Hormona de crecimiento

Fragilidad ósea y cáncer. Sobre la hormona de crecimiento «no hay demasiada literatura». «Sin embargo, en algunos casos, sí que se ha constatado que influye en los procesos de asimilación de calcio y eso provoca una fragilidad ósea», dice Manonelles. «Cuando practicas deporte en dosis elevadas se producen roturas musculares, esta hormona se encarga de reparar los tejidos. El cuerpo la segrega de forma natural cuando dormimos. Por eso, los profesionales, además de dormir, nunca perdonan la siesta», subraya Huelin. «Pero en supradosis estimula las células de crecimiento rápido, entre ellas, las cancerígenas que de otro modo quizás no se habrían desarrollado», detalla Miguel Santiago. «La palabra para hablar de la hormona de crecimiento es el cáncer», sentencia Huelin.

Transfusiones

Una conservación delicada. «Las transfusiones de sangre presentan los mismos problemas que la epo, pero además hay que añadirle que la sangre tiene una conservación delicada y que puede haber incompatibilidades de los grupos», comenta Pedro Manonelles. «Se puede congelar, pero es complicado, son procesos delicados», reitera Huelin. «Este es un proceso que lleva mucho tiempo haciéndose con personas enfermas y está muy regulado, pero en deportistas o personas sanas tampoco se han descrito bien los efectos que puede tener.
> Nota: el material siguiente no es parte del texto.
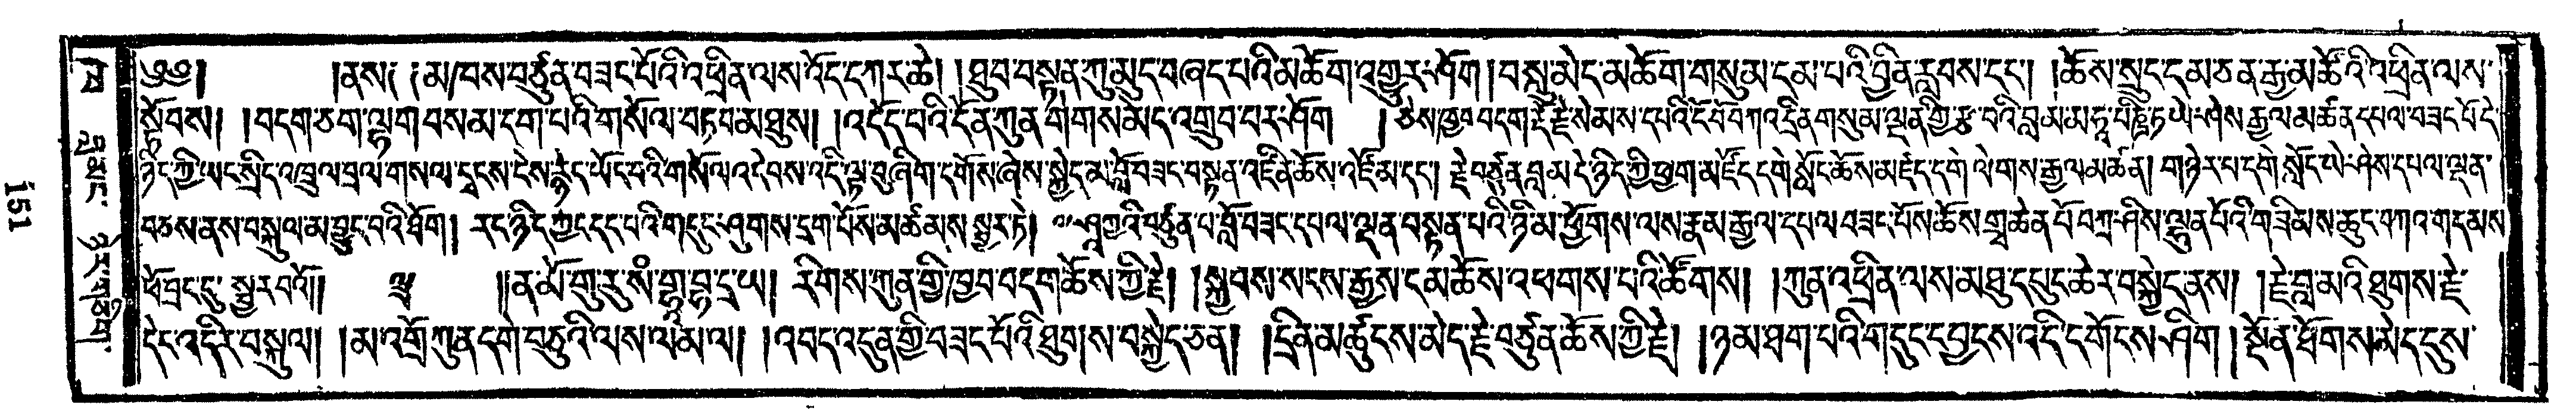༄༅། །ནས༑ ༑མཁས་བཙུན་བཟང་པོའི་འཕྲིན་ལས་འོད་དཀར་ཆེ། །ཐུབ་བསྟན་ཀུ་མུད་བཞད་པའི་མཆོག་འགྱུར་ཤོག །བསླུ་མེད་མཆོག་གསུམ་དམ་པའི་བྱིན་རླབས་དང་། །ཆོས་སྲུང་དམ་ཅན་རྒྱ་མཚོའི་འཕྲིན་ལས་
སྟོབས། །བདག་ཅག་ལྷག་བསམ་དག་པའི་གསོལ་བཏབ་མཐུས། །འདོད་པའི་དོན་ཀུན་གེགས་མེད་འགྲུབ་པར་ཤོག །ཅེས་ཁྱབ་བདག་རྡོ་རྗེ་སེམས་དཔའི་ངོ་བོ་བཀའ་དྲིན་གསུམ་ལྡན་གྱི་རྩ་བའི་བླ་མ་མཧཱ་པཎྜི་ཏ་ཡེ་ཤེས་རྒྱལ་མཚན་དཔལ་བཟང་པོ་དེ་
ཉིད་ཀྱི་ཡང་སྲིད་འཁྲུལ་བྲལ་གསལ་དྭངས་ངེས་རྙེད་ཡོང་བའི་གསོལ་འདེབས་འདི་ལྟ་བུ་ཞིག་དགོས་ཞེས་སྐྱེད་མ་བློ་བཟང་བསྟན་འཛིན་ཆོས་འཛོམ་དང་། རྗེ་བཙུན་བླ་མ་དེ་ཉིད་ཀྱི་ཕྱག་མཛོད་དགེ་སློང་ཆོས་མཛད་དགེ་ལེགས་རྒྱལ་མཚན། གཉེར་པ་དགེ་སློང་ཡེ་ཤེས་དཔལ་ལྡན་
བཅས་ནས་བསྐུལ་མ་བྱུང་བའི་ཐོག། རང་ཉིད་ཀྱང་དད་པའི་གདུང་ཤུགས་དྲག་པོས་མཚམས་སྦྱར་ཏེ། ༧་ཤཱཀྱའི་བཙུན་པ་བློ་བཟང་དཔལ་ལྡན་བསྟན་པའི་ཉི་མ་ཕྱོགས་ལས་རྣམ་རྒྱལ་དཔལ་བཟང་པོས་ཆོས་གྲྭ་ཆེན་པོ་བཀྲ་ཤིས་ལྷུན་པོའི་གཟིམས་ཆུང་བཀའ་གདམས་
ཕོ་བྲང་དུ་སྦྱར་བའོ།། ༈ །།ན་མོ་གུ་རུ་སཾ་གྷཱ་བྷ་དྲ་ཡ། རིགས་ཀུན་གྱི་ཁྱབ་བདག་ཆོས་ཀྱི་རྗེ། །སྐྱབས་སངས་རྒྱས་དམ་ཆོས་འཕགས་པའི་ཚོགས། །ཀུན་འཕྲིན་ལས་མཐུ་དཔུང་ཆེར་བསྐྱེད་ནས། །རྗེ་བླ་མའི་ཐུགས་རྗེ་
དེང་འདིར་བསྐུལ། །མ་འགྲོ་ཀུན་དགེ་བཅུའི་ལས་ལམ་ལ། །འབད་འདུན་གྱི་བཟང་པོའི་ཐུགས་བསྐྱེད་ཅན། །དྲིན་མཚུངས་མེད་རྗེ་བཙུན་ཆོས་ཀྱི་རྗེ། །ཉམ་ཐག་པའི་གདུང་དབྱངས་འདི་དགོངས་ཤིག །སྔོན་ཐོགས་མེད་དུས་

Lo que buscan los tramposos es incrementar su resistencia a través de una mejor oxigenación de la sangre. Cuando machacas al organismo, con el entrenamiento, los niveles de hematocrito y hemoglobina descienden. La transfusión devolvería los niveles elevados con los entrenamientos ya hechos, por eso las realizaban antes de las grandes competiciones», señala el doctor Huelin.

Anabolizantes

Absolutamente terroríficos. Los efectos secundarios más dramáticos se dan en las mujeres. «Deberíamos preguntarnos por qué una sociedad se ha permitido transformar mujeres en hombres», reflexiona Santiago. «Para que tengan eficacia como dopaje hay que tomarlos en cantidades tóxicas, con lo que su consumo puede devenir en graves disfunciones hepáticas y tumores», describe Manonelles. «Lo peor es que los consumidores terminan enganchados al uso de estas sustancias, los daños psicológicos son tremendos», dice Huelin.

Un problema complejo con una solución que implica control y educación

«Hablar de dopaje es hablar de algo tremendamente complejo. No es lo mismo, ni tampoco sus consecuencias, alguien que usa un estimulante que un deportista que recurre a la hormona de crecimiento. Al final acabamos englobando todo en el mismo saco y pienso que hay muchos matices que se deben tener en cuenta», razona César Cobián. «Pero, de lo que no cabe duda, es de que con Internet esto está fuera de control, los medicamentos se dispensan con total impunidad», comenta Miguel Santiago, quien aboga por una mayor presión policial sobre las redes que se dedican al tráfico de estos productos, pero también en abordarlo como un problema social: «Muchas veces es difícil hacerle entender a alguien que por mucho que se meta no va a alcanzar las marcas de otro... en la vida las cosas se consiguen con sacrificio y también con una genética privilegiada y talento... ¡y luego están las fronteras del alto rendimiento!... ¿son lícitas las cargas de entrenamiento que asumen algunos niños? La legislación laboral no las permitiría... es un debate amplio... de fondo».

El precio de las medallas

«La historia del deporte está plagada de casos en los que se consiguen medallas, aparecen héroes y nadie se pregunta ni quiere preguntarse cómo llegaron», dice Fernando Huelin. «Pero -incide- estoy convencido de que la gente que participa en las prueba populares lo hacen para divertirse. Harán estupideces, como tomarse cuatro pastillas de cafeína, que no les sirve para nada, pero estoy seguro de que no se dopan. Doparse es caro, muy caro, y no está al alcance de cualquiera. Todo el mundo necesita tomar algo. Algunos entran en tu consulta y ya sabes que quieren salir de allí con una receta. El efecto placebo existe».